4

I am new to Scrapy and Python and I am enjoying it.

Is it possible to debug a scrapy project using Visual Studio? If it is possible, how?

user3860415
  • 41
  • 1
  • 3

5 Answers5

4

I've created a init file named runner.py

from scrapy.cmdline import execute
execute(['scrapy','crawl', 'spider_name'])

you just need to set that file as the startup in the project options.

it works with visual studio 2015

pedrommuller
  • 15,741
  • 10
  • 76
  • 126
2

You can install PTVS in visual studio 2012. Then create a python project from existing python code, and import your code.

If you are familiar with Visual Studio, it's the same as other languages in Visual Studio, like C++/C#. Just create some break points and start your script with Debugging.

As ThanhNienDiCho said, add "-mscrapy.cmdline crawl your_spider_name" to your interpreter argument.

PTVS screenshot

Yuan
  • 1,147
  • 11
  • 16
  • Thank you Yuvan, I have managed to debug Python previously. What I was looking for was to debug scrapy using VS. However, I have found this link http://pytools.codeplex.com/wikipage?title=Features%20Debugging#launch-modes Which elaborates debug options using VS. – user3860415 Jul 21 '14 at 12:12
  • I don't think scrapy has any difference with a normal python project. All normal python script files. What you mentioned is the same as PTVS in my answer. – Yuan Jul 21 '14 at 12:23
1

Well, I tried all of the answers given to the OP and none worked for me. The closest of all seems to be the one posted by @Rafal Zajac , however it also failed for me.

I ended up finding the solution in here, however in there also some answers are no longer working in new versions.

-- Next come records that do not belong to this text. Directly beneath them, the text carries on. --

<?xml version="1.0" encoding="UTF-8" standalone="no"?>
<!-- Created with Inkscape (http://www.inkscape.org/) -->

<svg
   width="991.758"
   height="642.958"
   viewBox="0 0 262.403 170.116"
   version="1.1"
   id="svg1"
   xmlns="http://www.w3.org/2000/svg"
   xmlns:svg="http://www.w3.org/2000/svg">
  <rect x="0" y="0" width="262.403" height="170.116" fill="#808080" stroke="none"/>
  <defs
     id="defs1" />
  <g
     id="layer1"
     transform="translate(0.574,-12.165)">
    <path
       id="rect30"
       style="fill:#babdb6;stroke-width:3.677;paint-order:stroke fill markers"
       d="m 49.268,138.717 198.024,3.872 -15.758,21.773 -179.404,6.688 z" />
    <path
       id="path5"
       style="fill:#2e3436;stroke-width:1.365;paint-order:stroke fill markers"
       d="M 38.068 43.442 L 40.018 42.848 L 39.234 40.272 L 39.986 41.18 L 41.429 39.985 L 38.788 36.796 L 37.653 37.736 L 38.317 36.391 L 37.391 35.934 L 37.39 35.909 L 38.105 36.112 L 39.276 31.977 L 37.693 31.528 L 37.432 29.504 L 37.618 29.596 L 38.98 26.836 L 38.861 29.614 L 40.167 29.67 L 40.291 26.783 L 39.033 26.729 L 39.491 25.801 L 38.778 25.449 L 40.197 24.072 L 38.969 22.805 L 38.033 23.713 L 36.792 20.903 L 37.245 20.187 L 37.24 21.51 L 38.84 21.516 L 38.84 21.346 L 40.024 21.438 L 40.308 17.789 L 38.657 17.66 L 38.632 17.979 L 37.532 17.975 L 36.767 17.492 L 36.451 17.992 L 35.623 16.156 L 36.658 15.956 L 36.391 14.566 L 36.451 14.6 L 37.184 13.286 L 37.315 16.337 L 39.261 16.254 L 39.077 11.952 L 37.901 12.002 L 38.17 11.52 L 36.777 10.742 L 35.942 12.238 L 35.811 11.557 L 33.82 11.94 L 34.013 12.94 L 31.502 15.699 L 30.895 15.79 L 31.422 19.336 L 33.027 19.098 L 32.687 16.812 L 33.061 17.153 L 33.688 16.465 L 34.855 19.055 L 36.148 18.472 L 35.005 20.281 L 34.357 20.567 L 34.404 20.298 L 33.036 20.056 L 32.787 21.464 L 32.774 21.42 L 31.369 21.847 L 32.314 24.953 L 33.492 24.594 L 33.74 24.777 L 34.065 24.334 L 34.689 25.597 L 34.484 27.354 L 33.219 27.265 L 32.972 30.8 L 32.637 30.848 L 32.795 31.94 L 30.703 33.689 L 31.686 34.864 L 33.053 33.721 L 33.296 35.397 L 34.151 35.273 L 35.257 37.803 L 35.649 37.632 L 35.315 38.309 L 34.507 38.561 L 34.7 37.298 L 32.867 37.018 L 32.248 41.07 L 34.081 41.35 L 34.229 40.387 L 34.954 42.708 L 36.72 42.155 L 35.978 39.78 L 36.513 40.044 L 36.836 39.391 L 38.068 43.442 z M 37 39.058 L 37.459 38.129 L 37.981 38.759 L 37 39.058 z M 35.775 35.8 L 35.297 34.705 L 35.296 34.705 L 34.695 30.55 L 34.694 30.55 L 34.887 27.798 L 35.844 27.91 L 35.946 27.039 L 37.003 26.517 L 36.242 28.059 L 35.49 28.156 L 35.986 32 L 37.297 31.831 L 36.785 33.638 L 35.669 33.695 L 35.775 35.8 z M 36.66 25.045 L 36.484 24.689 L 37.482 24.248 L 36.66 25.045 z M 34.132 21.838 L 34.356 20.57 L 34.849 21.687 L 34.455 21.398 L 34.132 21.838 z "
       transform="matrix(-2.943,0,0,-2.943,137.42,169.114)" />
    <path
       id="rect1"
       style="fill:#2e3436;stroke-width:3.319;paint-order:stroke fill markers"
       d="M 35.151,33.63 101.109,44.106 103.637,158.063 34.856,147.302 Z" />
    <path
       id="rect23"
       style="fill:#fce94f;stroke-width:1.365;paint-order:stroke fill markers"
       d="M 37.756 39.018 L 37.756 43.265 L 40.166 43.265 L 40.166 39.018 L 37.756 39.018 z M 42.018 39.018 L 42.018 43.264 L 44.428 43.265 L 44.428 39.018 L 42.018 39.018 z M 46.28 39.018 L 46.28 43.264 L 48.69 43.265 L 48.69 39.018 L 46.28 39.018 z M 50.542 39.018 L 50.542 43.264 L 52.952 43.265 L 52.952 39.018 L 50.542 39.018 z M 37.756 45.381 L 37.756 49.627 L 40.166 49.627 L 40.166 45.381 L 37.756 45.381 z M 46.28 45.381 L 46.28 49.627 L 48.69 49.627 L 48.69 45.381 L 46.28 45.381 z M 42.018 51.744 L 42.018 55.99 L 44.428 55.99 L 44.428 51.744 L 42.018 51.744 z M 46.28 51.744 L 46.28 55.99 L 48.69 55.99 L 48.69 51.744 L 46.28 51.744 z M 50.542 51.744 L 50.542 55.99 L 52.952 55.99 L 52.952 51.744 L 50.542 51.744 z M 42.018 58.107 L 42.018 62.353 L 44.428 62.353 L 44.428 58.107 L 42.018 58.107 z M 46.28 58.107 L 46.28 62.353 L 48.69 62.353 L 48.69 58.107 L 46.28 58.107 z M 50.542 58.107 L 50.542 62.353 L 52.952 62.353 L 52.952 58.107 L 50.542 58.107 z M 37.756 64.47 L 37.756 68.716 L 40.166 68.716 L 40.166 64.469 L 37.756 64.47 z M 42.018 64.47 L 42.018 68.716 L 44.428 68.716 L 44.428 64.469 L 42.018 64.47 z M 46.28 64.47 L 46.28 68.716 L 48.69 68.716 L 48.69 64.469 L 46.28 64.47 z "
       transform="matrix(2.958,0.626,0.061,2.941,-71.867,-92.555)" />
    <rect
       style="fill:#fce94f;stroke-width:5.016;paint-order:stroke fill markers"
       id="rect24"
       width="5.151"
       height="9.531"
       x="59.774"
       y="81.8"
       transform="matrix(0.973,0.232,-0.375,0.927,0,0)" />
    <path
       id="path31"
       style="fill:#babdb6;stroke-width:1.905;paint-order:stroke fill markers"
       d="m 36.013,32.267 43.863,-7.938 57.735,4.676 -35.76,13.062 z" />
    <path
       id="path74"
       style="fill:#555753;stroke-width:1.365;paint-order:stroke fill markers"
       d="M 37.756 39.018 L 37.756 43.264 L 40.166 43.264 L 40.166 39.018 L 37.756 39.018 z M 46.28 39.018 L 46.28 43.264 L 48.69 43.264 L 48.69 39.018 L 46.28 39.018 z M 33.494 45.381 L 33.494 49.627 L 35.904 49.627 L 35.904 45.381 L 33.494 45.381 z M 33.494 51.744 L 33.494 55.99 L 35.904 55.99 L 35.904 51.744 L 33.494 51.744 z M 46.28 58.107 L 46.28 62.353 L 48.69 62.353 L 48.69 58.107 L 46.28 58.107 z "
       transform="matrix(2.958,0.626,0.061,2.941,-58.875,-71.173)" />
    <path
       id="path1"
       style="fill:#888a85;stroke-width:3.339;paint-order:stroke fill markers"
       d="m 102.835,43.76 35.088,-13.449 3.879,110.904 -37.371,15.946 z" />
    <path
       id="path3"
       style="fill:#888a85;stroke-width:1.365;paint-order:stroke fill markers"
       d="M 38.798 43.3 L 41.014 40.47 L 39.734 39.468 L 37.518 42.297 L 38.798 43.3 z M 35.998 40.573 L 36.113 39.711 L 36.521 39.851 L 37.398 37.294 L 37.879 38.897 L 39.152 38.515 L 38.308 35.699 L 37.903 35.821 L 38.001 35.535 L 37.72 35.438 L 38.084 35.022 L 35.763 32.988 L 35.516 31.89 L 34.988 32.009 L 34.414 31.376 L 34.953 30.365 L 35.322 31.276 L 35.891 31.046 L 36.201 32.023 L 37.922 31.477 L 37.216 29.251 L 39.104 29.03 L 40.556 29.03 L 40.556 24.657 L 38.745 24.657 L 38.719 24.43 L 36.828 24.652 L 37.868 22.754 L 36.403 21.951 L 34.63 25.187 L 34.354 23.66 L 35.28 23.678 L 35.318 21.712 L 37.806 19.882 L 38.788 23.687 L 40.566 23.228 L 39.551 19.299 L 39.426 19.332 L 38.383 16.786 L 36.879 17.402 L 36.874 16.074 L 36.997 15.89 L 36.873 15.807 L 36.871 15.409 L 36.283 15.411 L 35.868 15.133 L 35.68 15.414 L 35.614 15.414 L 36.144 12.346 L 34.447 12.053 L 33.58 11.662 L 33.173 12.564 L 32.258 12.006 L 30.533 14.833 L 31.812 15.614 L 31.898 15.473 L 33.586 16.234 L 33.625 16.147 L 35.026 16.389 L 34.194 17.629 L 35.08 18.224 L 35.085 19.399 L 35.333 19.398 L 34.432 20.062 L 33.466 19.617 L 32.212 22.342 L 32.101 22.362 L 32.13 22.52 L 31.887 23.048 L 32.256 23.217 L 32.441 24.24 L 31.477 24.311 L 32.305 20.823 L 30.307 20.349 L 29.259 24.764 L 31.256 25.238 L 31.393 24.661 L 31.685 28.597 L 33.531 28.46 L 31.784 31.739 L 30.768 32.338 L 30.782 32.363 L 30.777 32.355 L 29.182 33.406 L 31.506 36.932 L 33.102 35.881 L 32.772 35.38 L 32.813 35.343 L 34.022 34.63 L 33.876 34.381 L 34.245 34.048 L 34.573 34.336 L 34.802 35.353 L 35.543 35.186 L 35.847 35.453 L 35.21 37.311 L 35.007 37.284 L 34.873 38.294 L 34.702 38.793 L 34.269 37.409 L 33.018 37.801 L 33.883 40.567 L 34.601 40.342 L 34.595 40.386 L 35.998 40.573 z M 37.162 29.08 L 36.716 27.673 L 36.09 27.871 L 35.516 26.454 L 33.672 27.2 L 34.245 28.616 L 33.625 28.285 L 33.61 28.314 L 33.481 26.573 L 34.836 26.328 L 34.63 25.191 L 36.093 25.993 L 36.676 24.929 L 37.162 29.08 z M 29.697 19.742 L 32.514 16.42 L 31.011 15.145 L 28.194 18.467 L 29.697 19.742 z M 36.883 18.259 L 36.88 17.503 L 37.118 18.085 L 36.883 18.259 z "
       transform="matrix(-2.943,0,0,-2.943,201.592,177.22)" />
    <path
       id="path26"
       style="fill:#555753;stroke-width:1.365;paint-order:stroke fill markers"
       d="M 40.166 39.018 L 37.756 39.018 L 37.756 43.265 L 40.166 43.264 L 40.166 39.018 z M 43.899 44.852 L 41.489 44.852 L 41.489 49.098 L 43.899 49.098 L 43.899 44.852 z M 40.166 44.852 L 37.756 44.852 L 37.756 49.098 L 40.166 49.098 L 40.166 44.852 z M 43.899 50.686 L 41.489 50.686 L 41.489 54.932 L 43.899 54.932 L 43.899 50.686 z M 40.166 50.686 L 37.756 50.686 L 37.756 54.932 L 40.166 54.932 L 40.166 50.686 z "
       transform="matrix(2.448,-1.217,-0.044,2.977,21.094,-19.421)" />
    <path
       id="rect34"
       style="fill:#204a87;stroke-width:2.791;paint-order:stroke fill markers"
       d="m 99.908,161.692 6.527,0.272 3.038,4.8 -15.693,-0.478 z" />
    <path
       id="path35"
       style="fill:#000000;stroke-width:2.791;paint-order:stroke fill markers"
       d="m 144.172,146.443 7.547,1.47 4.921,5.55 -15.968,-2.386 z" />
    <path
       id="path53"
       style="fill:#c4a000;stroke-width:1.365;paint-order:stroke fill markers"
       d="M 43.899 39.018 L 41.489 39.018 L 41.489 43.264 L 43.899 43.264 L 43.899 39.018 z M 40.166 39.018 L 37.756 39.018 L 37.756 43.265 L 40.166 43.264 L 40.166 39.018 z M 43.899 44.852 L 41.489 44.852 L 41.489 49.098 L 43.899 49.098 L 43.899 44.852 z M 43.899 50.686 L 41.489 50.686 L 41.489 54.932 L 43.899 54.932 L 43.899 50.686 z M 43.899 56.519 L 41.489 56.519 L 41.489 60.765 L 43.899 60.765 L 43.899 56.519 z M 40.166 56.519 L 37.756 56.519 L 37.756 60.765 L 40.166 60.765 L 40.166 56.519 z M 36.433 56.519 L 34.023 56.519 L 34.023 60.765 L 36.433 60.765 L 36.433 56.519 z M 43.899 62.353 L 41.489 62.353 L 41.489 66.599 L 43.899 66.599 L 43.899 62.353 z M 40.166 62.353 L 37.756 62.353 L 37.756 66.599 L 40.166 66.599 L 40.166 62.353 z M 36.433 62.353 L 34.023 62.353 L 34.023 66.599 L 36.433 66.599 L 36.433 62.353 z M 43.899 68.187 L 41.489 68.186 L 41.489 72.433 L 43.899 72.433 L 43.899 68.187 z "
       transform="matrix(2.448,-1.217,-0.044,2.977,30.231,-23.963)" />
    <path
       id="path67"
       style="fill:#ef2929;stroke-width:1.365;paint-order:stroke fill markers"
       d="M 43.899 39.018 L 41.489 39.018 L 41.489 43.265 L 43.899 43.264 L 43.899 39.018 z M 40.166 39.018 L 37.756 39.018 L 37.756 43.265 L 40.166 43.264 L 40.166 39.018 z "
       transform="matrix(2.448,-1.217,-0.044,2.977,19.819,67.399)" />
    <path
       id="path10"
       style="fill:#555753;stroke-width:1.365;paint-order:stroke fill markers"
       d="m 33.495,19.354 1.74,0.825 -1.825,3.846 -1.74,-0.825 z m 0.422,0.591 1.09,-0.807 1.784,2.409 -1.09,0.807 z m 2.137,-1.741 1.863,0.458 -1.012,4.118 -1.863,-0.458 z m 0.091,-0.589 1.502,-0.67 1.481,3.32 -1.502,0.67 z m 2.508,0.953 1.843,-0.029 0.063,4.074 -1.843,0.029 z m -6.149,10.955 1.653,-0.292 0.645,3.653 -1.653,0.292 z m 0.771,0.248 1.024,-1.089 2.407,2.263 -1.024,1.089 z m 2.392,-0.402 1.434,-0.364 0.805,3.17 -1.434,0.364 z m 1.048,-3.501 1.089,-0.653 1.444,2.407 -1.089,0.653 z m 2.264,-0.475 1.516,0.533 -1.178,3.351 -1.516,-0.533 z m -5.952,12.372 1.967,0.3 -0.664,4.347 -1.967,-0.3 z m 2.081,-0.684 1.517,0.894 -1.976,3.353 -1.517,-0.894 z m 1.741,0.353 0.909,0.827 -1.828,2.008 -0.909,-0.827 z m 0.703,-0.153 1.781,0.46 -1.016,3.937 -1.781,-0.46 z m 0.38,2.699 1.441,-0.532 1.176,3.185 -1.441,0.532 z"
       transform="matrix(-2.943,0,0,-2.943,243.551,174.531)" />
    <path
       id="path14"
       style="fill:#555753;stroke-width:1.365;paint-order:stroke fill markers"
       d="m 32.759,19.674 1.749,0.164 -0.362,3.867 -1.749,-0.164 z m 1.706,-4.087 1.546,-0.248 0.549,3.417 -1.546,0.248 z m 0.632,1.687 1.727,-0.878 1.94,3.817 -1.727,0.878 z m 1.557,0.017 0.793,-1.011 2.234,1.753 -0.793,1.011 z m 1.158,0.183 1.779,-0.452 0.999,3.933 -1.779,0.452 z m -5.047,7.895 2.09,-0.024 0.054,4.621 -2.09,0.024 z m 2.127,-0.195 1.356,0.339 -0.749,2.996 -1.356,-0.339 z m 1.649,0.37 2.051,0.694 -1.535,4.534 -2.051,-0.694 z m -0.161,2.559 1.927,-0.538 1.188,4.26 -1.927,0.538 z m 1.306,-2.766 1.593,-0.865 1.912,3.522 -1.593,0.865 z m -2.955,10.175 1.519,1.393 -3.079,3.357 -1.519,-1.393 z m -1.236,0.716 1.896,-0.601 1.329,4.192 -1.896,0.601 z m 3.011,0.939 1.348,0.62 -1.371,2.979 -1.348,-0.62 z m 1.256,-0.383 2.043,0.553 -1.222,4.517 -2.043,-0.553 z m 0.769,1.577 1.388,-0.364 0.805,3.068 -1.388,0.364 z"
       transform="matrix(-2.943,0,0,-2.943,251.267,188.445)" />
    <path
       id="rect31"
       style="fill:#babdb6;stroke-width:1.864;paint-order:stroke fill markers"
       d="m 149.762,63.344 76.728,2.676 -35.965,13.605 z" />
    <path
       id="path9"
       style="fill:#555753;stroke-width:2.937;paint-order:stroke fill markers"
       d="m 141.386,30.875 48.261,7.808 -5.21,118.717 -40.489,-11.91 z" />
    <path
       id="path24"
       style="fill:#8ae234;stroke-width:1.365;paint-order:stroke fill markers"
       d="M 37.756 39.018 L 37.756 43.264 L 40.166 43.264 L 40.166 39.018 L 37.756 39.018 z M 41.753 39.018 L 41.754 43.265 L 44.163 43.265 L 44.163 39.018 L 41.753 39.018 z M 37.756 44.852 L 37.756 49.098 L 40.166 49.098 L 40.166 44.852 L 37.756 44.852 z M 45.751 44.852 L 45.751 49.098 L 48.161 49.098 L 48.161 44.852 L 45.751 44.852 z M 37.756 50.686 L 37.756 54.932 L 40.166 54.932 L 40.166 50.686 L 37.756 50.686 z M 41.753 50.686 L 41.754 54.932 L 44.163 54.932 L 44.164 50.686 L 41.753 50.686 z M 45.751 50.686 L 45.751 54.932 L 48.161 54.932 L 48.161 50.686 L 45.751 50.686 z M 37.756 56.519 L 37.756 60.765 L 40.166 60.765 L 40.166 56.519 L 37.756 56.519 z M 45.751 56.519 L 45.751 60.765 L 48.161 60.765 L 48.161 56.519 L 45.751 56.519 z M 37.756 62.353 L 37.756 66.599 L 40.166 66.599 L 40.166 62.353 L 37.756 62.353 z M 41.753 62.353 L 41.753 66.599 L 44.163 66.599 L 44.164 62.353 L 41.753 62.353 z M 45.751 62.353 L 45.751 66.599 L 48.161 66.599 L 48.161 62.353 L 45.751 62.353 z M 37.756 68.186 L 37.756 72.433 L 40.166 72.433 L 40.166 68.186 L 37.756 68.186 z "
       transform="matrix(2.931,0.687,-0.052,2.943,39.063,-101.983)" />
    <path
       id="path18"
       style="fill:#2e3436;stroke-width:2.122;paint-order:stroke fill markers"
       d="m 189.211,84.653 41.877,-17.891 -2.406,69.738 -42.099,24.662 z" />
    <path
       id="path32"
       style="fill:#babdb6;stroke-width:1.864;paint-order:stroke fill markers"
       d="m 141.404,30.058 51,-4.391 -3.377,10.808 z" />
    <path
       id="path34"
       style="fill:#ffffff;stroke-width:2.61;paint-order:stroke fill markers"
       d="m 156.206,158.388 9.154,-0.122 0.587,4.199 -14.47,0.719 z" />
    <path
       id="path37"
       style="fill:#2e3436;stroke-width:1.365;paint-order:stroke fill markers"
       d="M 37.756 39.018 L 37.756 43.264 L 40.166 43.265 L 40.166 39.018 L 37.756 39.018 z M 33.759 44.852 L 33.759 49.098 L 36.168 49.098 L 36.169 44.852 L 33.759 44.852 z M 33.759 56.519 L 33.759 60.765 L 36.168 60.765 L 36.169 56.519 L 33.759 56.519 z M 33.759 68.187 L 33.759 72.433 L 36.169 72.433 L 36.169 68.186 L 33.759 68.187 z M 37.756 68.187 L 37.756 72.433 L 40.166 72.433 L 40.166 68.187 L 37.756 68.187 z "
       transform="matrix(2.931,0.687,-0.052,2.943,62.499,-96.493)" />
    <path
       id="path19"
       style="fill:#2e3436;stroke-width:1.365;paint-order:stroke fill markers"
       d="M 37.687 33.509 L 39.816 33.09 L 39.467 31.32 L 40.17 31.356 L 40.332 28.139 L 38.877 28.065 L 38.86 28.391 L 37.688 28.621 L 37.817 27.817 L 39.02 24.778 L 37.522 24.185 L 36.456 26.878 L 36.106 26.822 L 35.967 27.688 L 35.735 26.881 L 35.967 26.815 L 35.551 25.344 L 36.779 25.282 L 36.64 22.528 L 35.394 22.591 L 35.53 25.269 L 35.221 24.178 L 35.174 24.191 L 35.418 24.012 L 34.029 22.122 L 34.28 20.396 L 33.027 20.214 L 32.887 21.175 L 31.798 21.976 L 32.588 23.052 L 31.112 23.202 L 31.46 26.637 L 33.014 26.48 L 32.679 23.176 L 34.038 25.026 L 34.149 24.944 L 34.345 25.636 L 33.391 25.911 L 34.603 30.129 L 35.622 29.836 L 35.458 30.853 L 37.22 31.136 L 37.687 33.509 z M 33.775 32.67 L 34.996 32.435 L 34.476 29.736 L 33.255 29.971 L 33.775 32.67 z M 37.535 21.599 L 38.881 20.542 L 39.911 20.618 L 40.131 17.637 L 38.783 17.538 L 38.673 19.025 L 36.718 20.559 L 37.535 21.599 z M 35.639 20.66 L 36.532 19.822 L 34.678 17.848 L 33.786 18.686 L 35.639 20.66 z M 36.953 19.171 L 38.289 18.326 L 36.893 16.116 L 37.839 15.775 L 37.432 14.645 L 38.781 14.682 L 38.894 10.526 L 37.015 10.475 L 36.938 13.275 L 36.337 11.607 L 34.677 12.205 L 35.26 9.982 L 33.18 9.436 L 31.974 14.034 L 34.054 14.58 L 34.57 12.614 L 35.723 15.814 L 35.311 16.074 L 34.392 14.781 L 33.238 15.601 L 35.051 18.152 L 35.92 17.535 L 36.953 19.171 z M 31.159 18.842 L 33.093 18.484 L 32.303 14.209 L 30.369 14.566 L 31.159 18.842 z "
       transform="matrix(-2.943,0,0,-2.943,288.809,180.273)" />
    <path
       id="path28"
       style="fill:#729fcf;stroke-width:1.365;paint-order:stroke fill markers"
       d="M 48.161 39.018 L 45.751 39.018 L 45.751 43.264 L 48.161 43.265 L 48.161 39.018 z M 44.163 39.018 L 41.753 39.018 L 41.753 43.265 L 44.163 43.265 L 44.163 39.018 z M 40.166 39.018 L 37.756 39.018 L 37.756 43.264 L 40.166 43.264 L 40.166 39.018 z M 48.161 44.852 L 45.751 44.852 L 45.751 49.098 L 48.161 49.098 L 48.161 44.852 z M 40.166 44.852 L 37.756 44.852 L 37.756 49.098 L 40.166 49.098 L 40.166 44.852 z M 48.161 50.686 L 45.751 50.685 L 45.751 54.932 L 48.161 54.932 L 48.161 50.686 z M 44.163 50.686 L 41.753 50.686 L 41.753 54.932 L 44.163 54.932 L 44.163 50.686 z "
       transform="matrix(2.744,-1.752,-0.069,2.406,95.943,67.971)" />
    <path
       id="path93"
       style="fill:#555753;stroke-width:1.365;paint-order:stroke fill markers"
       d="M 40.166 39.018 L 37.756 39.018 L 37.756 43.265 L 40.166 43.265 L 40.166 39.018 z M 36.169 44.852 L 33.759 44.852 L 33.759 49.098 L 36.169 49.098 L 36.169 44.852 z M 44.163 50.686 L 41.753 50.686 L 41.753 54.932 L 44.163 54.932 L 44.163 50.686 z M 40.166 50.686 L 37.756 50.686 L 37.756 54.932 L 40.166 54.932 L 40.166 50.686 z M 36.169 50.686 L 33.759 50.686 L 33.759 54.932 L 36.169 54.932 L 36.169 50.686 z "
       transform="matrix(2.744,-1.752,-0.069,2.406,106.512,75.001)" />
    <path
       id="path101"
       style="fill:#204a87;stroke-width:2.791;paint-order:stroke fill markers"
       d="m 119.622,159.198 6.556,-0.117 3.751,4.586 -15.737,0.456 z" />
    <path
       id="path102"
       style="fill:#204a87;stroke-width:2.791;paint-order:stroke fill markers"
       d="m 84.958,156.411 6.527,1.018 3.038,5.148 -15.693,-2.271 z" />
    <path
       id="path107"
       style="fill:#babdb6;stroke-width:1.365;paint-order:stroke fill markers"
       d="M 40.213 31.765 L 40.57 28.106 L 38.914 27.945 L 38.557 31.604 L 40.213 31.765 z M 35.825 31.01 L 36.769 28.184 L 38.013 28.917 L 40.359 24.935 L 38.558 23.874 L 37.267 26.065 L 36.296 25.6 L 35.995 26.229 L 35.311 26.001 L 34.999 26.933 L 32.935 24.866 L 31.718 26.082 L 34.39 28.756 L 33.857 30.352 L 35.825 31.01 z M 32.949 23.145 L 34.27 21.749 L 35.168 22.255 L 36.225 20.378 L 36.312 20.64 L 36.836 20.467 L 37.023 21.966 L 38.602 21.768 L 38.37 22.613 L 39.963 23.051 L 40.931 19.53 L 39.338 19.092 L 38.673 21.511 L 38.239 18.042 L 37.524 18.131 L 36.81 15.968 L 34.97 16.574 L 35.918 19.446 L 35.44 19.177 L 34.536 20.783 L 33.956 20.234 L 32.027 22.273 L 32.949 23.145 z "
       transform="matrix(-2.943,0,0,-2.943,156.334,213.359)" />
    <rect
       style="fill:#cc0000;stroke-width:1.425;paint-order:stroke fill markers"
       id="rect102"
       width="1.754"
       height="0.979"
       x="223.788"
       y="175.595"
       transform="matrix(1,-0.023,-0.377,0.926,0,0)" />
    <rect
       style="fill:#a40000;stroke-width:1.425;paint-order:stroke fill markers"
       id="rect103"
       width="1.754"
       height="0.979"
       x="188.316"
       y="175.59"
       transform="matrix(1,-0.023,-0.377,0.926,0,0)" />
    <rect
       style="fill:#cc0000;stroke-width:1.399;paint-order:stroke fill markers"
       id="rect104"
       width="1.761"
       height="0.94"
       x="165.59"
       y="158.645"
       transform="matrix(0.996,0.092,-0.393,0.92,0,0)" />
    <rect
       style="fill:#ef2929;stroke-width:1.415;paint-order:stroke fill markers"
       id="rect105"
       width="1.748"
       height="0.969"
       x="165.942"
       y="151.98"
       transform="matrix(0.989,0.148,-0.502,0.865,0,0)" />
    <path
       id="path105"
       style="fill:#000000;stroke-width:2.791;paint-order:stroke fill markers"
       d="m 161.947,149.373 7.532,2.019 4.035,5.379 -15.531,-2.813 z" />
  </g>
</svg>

So the version that seems to work for me is this:

from scrapy.crawler import CrawlerProcess
from tutorial.spiders.dmoz_spider import DmozSpider
import scrapy.utils.project 
from sys import stdin

print ("init...")
spider = DmozSpider()
setttings = scrapy.utils.project.get_project_settings()
process = CrawlerProcess(setttings)
process.crawl(spider)
process.start()
x = stdin.read(1)

This should be in the startup script, no script arguments are required.

Community
  • 1
  • 1
omer schleifer
  • 3,897
  • 5
  • 31
  • 42
  • Thanks for pointing out that my solution doesn't work anymore. I'm back on Scrapy so I had to fix the debugging in VS (again). It looks like there's only a small difference to what I originally suggested. I've updated my answer... – Rafal Zajac Sep 13 '16 at 01:03
0

I had the same problem, and Yuan's initial answer didn't work for me.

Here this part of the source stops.